▶ Data under study:
*-*-*
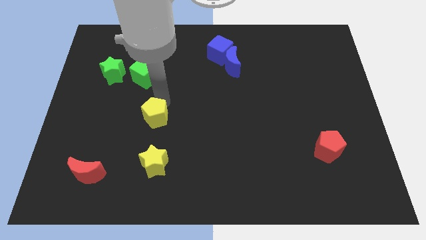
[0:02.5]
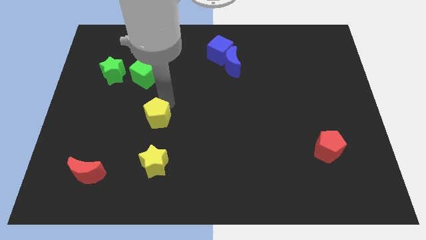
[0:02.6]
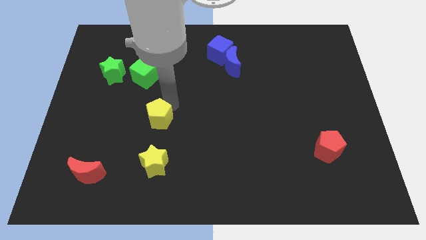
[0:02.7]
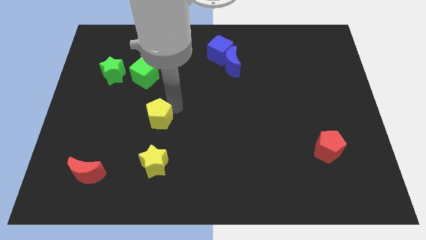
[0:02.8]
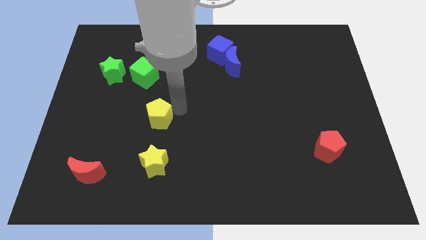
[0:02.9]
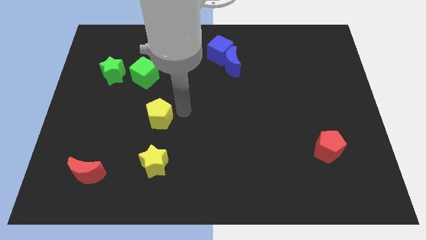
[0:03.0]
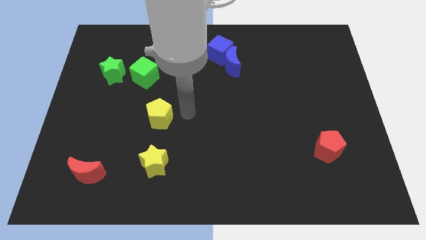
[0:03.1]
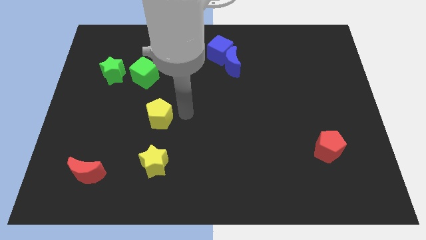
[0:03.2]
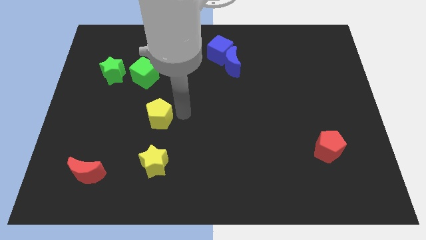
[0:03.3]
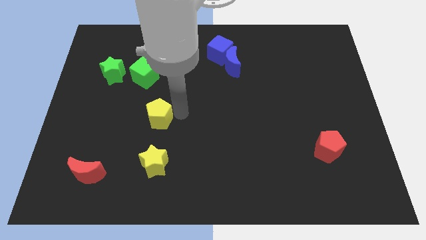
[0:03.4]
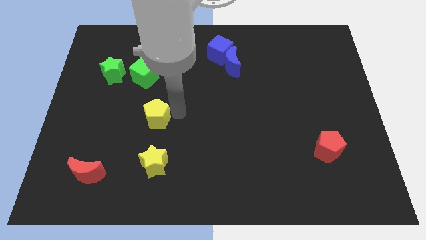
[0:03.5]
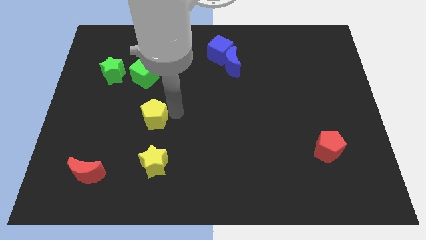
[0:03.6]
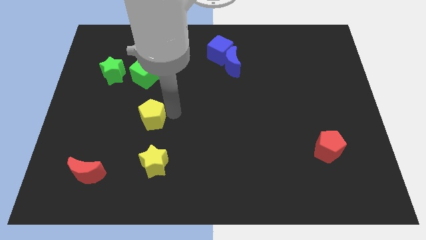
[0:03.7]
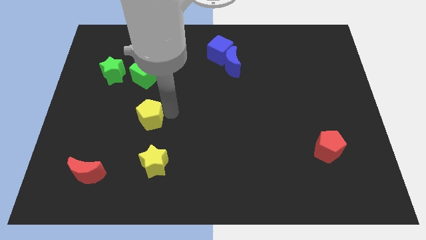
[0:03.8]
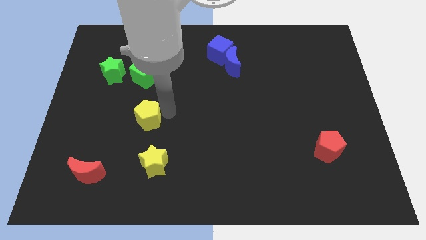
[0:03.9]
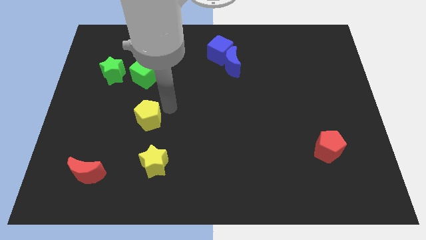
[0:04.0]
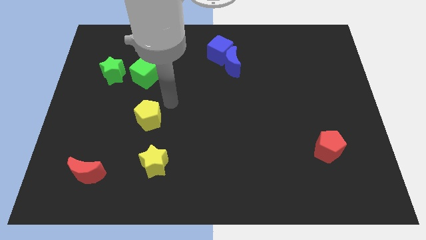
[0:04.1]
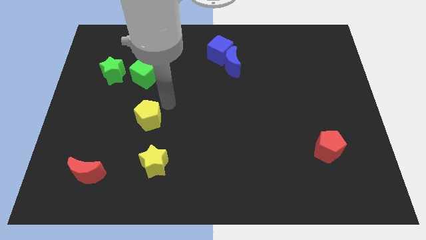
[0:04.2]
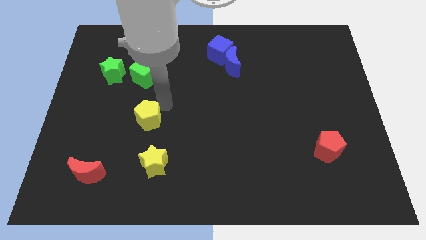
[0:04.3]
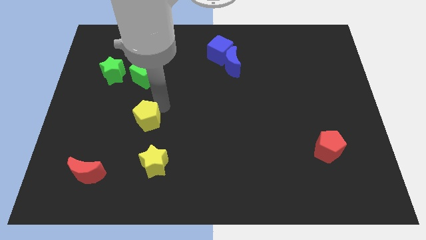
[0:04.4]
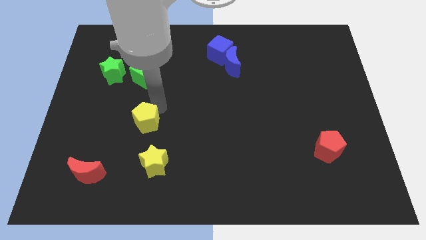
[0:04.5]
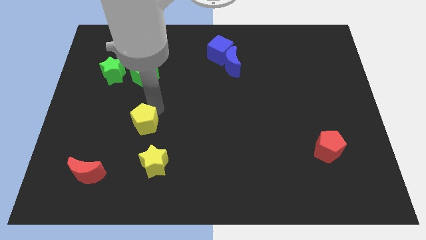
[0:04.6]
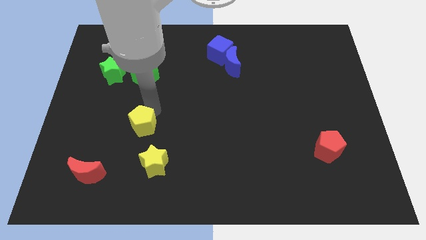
*-*-*
▶ Required action:
From the entries above, output every line exactly and omit any image.

▶ Written answer:
[0:02.5]
[0:02.6]
[0:02.7]
[0:02.8]
[0:02.9]
[0:03.0]
[0:03.1]
[0:03.2]
[0:03.3]
[0:03.4]
[0:03.5]
[0:03.6]
[0:03.7]
[0:03.8]
[0:03.9]
[0:04.0]
[0:04.1]
[0:04.2]
[0:04.3]
[0:04.4]
[0:04.5]
[0:04.6]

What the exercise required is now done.